The general aviation market has recently been introduced to the “very small” turbofan engine (i.e. 2000 pounds thrust and less). Simply scaling down larger conventional turbofan engines, however, presents difficulties due mainly to the disproportionate scaling of certain factors, such as strength-to-weight and tolerances.
The engine case, such as that depicted in FIGS. 1 and 2, is subjected to asymmetric loading relative to the engine mounts, caused by loads exerted through the bearings, such as engine thrust, foreign object impacts and blade-off events, and caused by inertia loads caused by the engine weight which of course must be supported. These asymmetric loads result in bending moments and shears which must be transmitted through the engine case to the engine mounts. The prior art generally relies on thick walled structures, such as cast engine case components (such as 202 204, 206, 208, 210, 211 in FIG. 1), to react these bending moments in plate bending. Plate bending, however, requires thicker-walled casings to resist and carry bending forces without failure. In very small engines, however, thick casing become a significant component in overall engine weight.

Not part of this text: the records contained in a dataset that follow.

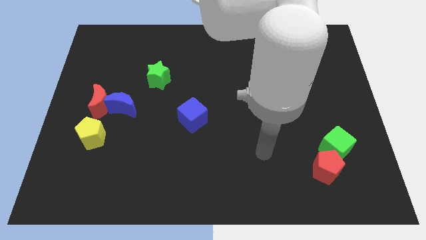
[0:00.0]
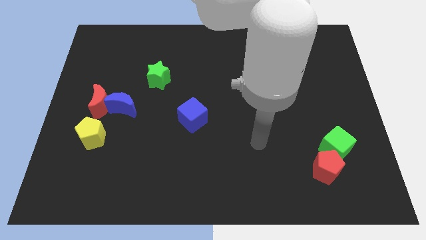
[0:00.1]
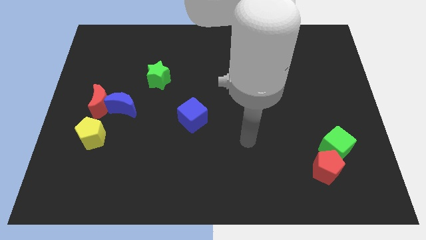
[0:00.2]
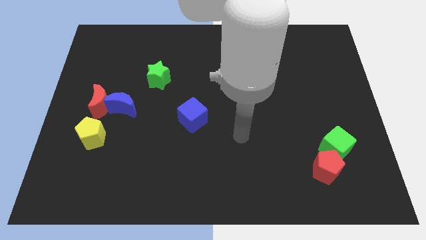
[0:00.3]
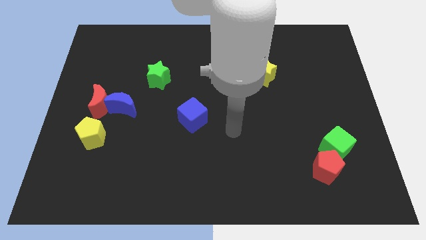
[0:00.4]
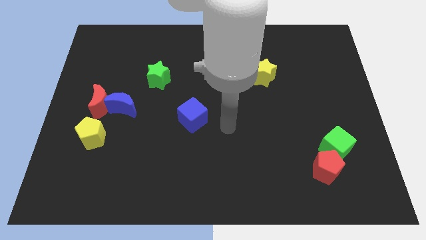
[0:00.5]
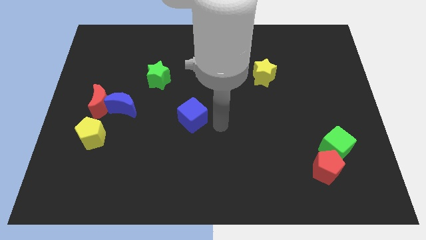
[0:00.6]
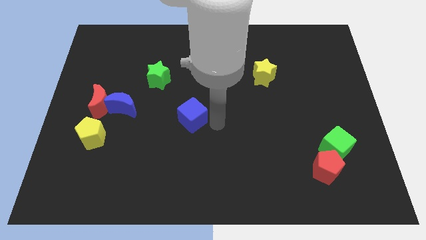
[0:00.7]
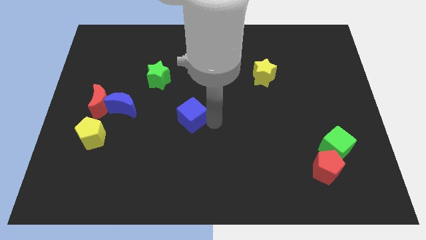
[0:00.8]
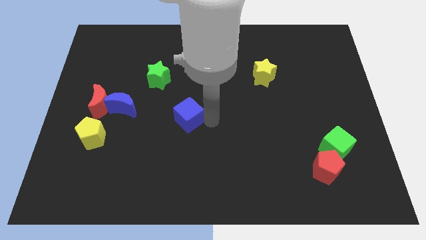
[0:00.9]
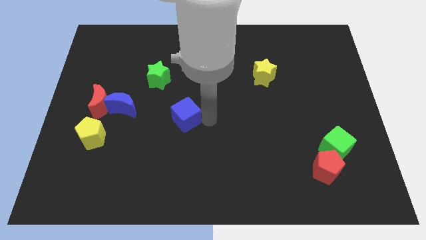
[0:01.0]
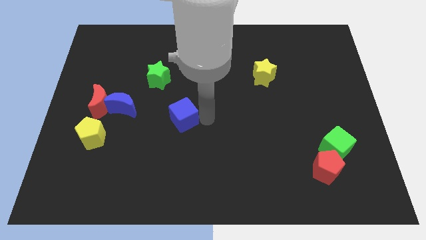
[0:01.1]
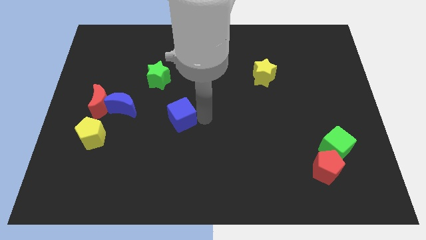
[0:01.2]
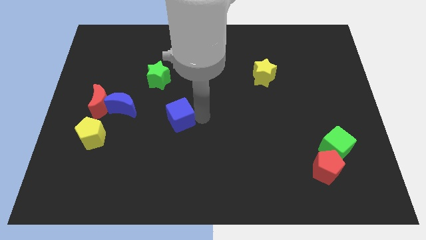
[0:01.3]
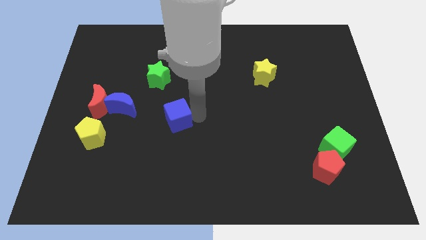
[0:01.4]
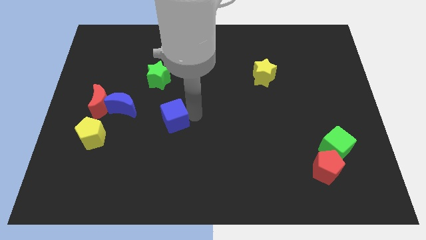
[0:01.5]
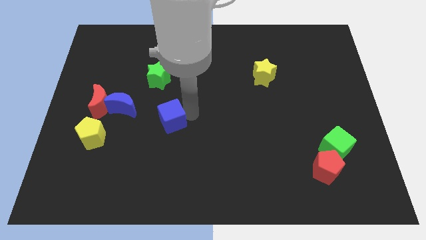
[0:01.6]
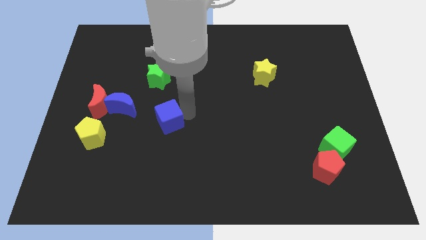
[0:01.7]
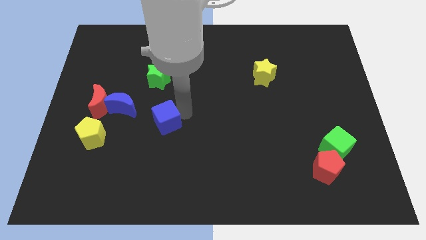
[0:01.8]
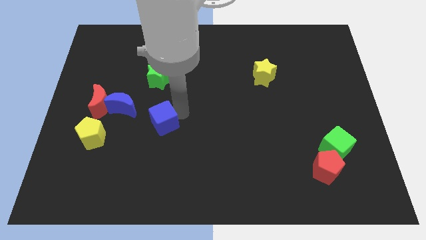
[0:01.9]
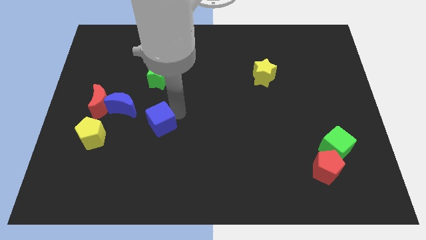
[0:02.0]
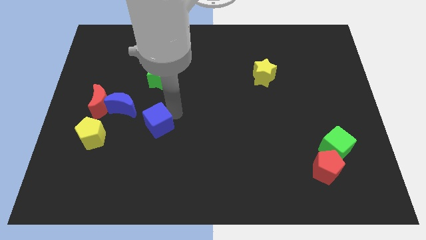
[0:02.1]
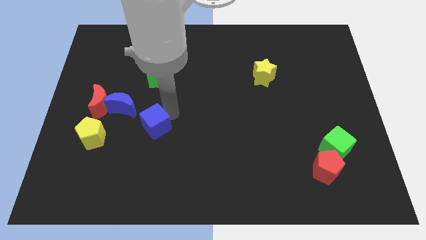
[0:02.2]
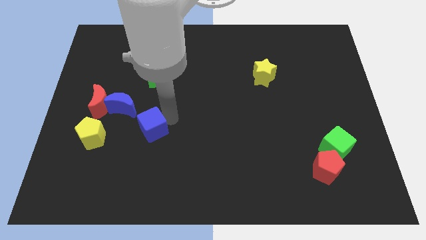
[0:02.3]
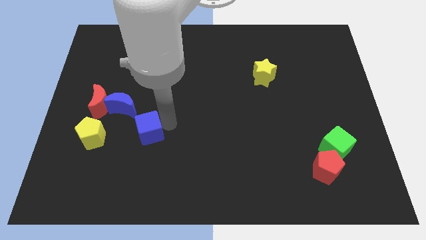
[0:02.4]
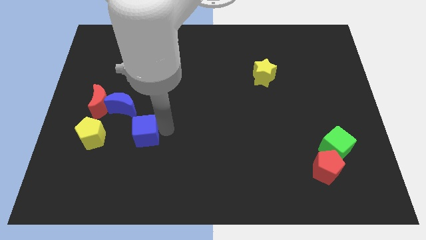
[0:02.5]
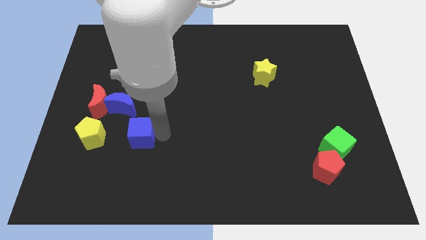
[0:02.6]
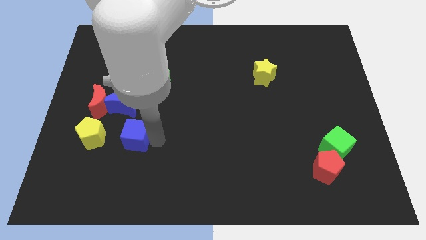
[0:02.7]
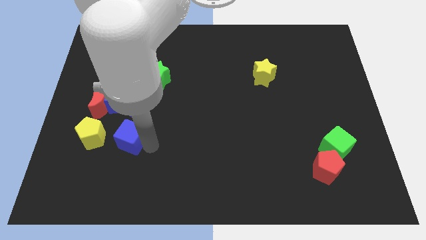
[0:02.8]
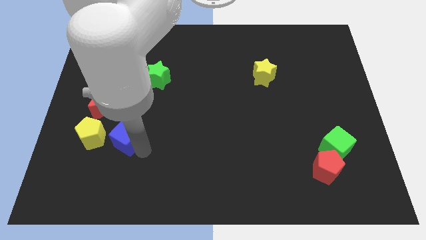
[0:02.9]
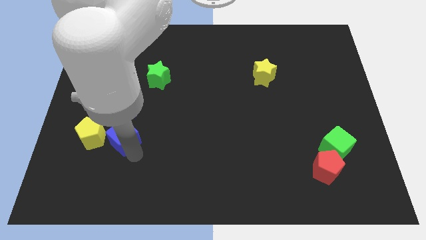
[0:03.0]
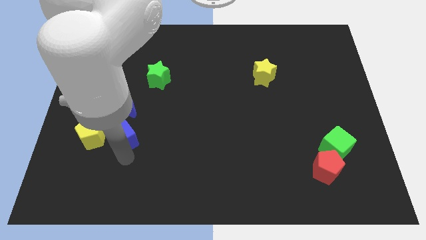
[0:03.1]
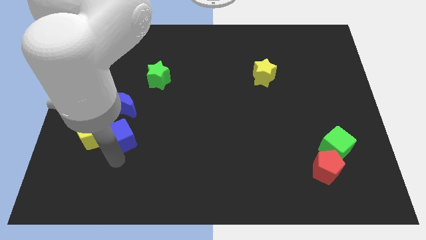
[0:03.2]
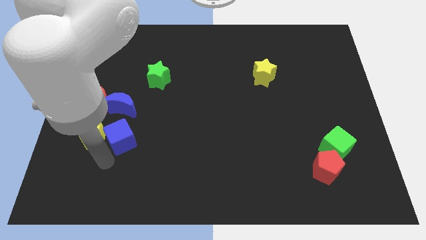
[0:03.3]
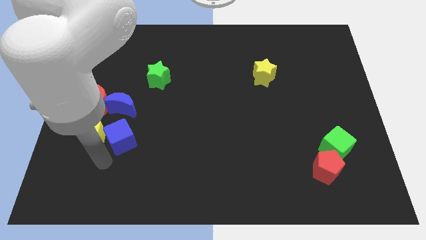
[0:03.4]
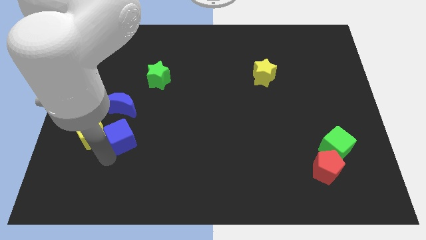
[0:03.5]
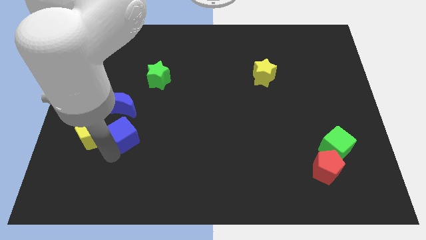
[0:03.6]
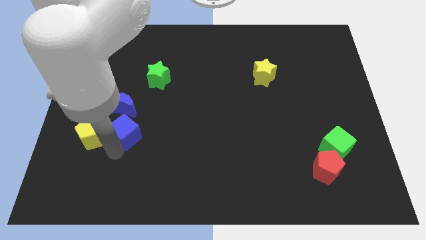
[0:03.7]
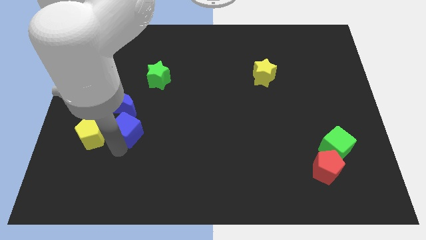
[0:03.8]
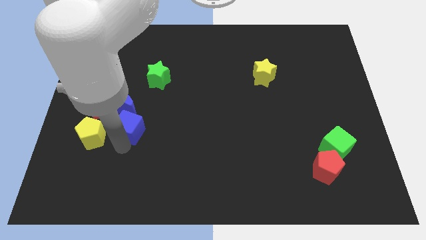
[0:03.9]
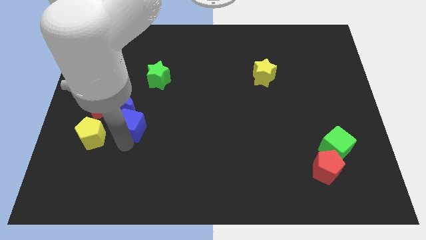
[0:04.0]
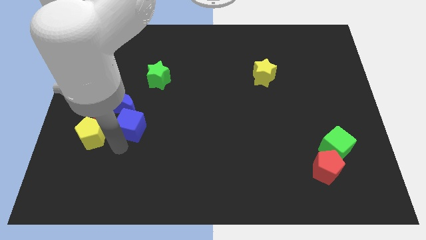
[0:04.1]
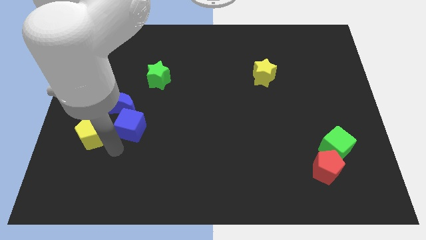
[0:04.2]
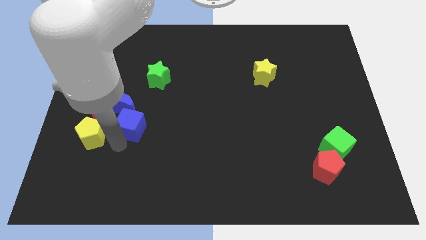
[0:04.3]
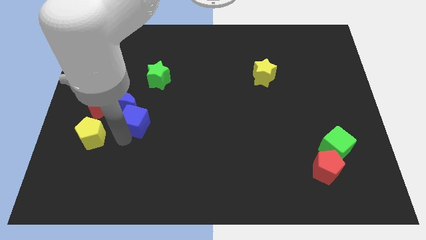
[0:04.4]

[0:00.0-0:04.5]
push the blue cube towards the blue moon

An alternate approach is shown in U.S. Pat. No. 4,132,069, which provides an integrally-webbed structure for transferring loads, and in particular bending, through an engine and nacelle structure, so that nacelle loads can be passed to the engine. The scheme, however, adds components to the engine, which reduces reliability, and increases weight and cost. Improvement in engine case technology is therefore desired.